== Work order ==
Give back the full listing exactly as it appears below.

##############################

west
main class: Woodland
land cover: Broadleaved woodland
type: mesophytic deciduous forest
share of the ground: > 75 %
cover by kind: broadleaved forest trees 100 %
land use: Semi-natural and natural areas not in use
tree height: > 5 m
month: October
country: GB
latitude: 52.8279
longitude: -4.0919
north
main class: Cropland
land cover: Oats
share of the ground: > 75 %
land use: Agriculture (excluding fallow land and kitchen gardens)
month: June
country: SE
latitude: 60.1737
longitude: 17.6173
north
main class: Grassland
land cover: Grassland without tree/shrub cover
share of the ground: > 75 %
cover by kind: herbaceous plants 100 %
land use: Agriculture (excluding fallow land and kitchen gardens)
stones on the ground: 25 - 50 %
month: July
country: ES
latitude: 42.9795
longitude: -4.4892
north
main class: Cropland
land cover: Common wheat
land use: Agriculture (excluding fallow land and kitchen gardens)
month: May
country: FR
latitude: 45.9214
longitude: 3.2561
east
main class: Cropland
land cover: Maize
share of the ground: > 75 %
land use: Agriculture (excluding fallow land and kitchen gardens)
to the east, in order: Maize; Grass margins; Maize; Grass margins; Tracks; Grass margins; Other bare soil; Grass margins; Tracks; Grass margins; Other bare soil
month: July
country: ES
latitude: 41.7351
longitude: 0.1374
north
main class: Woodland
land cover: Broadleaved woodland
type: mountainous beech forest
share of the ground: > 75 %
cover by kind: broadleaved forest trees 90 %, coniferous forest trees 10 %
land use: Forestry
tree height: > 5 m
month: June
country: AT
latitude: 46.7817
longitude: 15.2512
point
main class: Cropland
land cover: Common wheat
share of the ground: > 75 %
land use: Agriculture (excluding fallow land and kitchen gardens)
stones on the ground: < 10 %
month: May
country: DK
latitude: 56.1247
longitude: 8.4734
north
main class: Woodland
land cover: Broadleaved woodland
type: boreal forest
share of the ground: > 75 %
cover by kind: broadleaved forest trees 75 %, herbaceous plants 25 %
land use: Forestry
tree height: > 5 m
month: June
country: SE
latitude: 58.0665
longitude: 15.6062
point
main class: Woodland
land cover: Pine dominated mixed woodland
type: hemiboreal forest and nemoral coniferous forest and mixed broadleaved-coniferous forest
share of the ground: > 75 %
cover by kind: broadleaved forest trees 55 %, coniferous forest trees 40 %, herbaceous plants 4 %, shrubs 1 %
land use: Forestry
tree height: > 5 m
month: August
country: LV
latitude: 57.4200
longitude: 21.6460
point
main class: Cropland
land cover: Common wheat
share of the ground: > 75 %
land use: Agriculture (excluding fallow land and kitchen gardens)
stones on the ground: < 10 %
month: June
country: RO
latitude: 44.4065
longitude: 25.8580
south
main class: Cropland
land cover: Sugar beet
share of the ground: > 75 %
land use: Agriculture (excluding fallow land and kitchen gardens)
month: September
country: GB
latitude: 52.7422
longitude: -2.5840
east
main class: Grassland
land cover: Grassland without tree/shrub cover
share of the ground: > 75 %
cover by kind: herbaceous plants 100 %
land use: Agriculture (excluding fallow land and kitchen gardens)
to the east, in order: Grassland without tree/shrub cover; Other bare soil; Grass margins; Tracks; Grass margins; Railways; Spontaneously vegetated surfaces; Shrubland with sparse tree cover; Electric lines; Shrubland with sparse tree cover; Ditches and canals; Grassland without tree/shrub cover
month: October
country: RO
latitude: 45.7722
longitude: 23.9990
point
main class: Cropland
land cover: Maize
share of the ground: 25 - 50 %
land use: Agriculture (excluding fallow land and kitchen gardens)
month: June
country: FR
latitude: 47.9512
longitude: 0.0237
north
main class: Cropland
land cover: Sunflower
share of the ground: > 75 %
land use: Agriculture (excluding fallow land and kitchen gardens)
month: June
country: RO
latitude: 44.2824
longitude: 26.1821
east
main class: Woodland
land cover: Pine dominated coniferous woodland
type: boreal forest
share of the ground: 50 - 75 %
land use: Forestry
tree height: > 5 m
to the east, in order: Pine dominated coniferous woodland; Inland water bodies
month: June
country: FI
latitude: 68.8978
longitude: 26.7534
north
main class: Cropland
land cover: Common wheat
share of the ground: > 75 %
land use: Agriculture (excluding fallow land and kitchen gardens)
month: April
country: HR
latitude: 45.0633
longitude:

##############################

== The completed task ==
west
main class: Woodland
land cover: Broadleaved woodland
type: mesophytic deciduous forest
share of the ground: > 75 %
cover by kind: broadleaved forest trees 100 %
land use: Semi-natural and natural areas not in use
tree height: > 5 m
month: October
country: GB
latitude: 52.8279
longitude: -4.0919
north
main class: Cropland
land cover: Oats
share of the ground: > 75 %
land use: Agriculture (excluding fallow land and kitchen gardens)
month: June
country: SE
latitude: 60.1737
longitude: 17.6173
north
main class: Grassland
land cover: Grassland without tree/shrub cover
share of the ground: > 75 %
cover by kind: herbaceous plants 100 %
land use: Agriculture (excluding fallow land and kitchen gardens)
stones on the ground: 25 - 50 %
month: July
country: ES
latitude: 42.9795
longitude: -4.4892
north
main class: Cropland
land cover: Common wheat
land use: Agriculture (excluding fallow land and kitchen gardens)
month: May
country: FR
latitude: 45.9214
longitude: 3.2561
east
main class: Cropland
land cover: Maize
share of the ground: > 75 %
land use: Agriculture (excluding fallow land and kitchen gardens)
to the east, in order: Maize; Grass margins; Maize; Grass margins; Tracks; Grass margins; Other bare soil; Grass margins; Tracks; Grass margins; Other bare soil
month: July
country: ES
latitude: 41.7351
longitude: 0.1374
north
main class: Woodland
land cover: Broadleaved woodland
type: mountainous beech forest
share of the ground: > 75 %
cover by kind: broadleaved forest trees 90 %, coniferous forest trees 10 %
land use: Forestry
tree height: > 5 m
month: June
country: AT
latitude: 46.7817
longitude: 15.2512
point
main class: Cropland
land cover: Common wheat
share of the ground: > 75 %
land use: Agriculture (excluding fallow land and kitchen gardens)
stones on the ground: < 10 %
month: May
country: DK
latitude: 56.1247
longitude: 8.4734
north
main class: Woodland
land cover: Broadleaved woodland
type: boreal forest
share of the ground: > 75 %
cover by kind: broadleaved forest trees 75 %, herbaceous plants 25 %
land use: Forestry
tree height: > 5 m
month: June
country: SE
latitude: 58.0665
longitude: 15.6062
point
main class: Woodland
land cover: Pine dominated mixed woodland
type: hemiboreal forest and nemoral coniferous forest and mixed broadleaved-coniferous forest
share of the ground: > 75 %
cover by kind: broadleaved forest trees 55 %, coniferous forest trees 40 %, herbaceous plants 4 %, shrubs 1 %
land use: Forestry
tree height: > 5 m
month: August
country: LV
latitude: 57.4200
longitude: 21.6460
point
main class: Cropland
land cover: Common wheat
share of the ground: > 75 %
land use: Agriculture (excluding fallow land and kitchen gardens)
stones on the ground: < 10 %
month: June
country: RO
latitude: 44.4065
longitude: 25.8580
south
main class: Cropland
land cover: Sugar beet
share of the ground: > 75 %
land use: Agriculture (excluding fallow land and kitchen gardens)
month: September
country: GB
latitude: 52.7422
longitude: -2.5840
east
main class: Grassland
land cover: Grassland without tree/shrub cover
share of the ground: > 75 %
cover by kind: herbaceous plants 100 %
land use: Agriculture (excluding fallow land and kitchen gardens)
to the east, in order: Grassland without tree/shrub cover; Other bare soil; Grass margins; Tracks; Grass margins; Railways; Spontaneously vegetated surfaces; Shrubland with sparse tree cover; Electric lines; Shrubland with sparse tree cover; Ditches and canals; Grassland without tree/shrub cover
month: October
country: RO
latitude: 45.7722
longitude: 23.9990
point
main class: Cropland
land cover: Maize
share of the ground: 25 - 50 %
land use: Agriculture (excluding fallow land and kitchen gardens)
month: June
country: FR
latitude: 47.9512
longitude: 0.0237
north
main class: Cropland
land cover: Sunflower
share of the ground: > 75 %
land use: Agriculture (excluding fallow land and kitchen gardens)
month: June
country: RO
latitude: 44.2824
longitude: 26.1821
east
main class: Woodland
land cover: Pine dominated coniferous woodland
type: boreal forest
share of the ground: 50 - 75 %
land use: Forestry
tree height: > 5 m
to the east, in order: Pine dominated coniferous woodland; Inland water bodies
month: June
country: FI
latitude: 68.8978
longitude: 26.7534
north
main class: Cropland
land cover: Common wheat
share of the ground: > 75 %
land use: Agriculture (excluding fallow land and kitchen gardens)
month: April
country: HR
latitude: 45.0633
longitude:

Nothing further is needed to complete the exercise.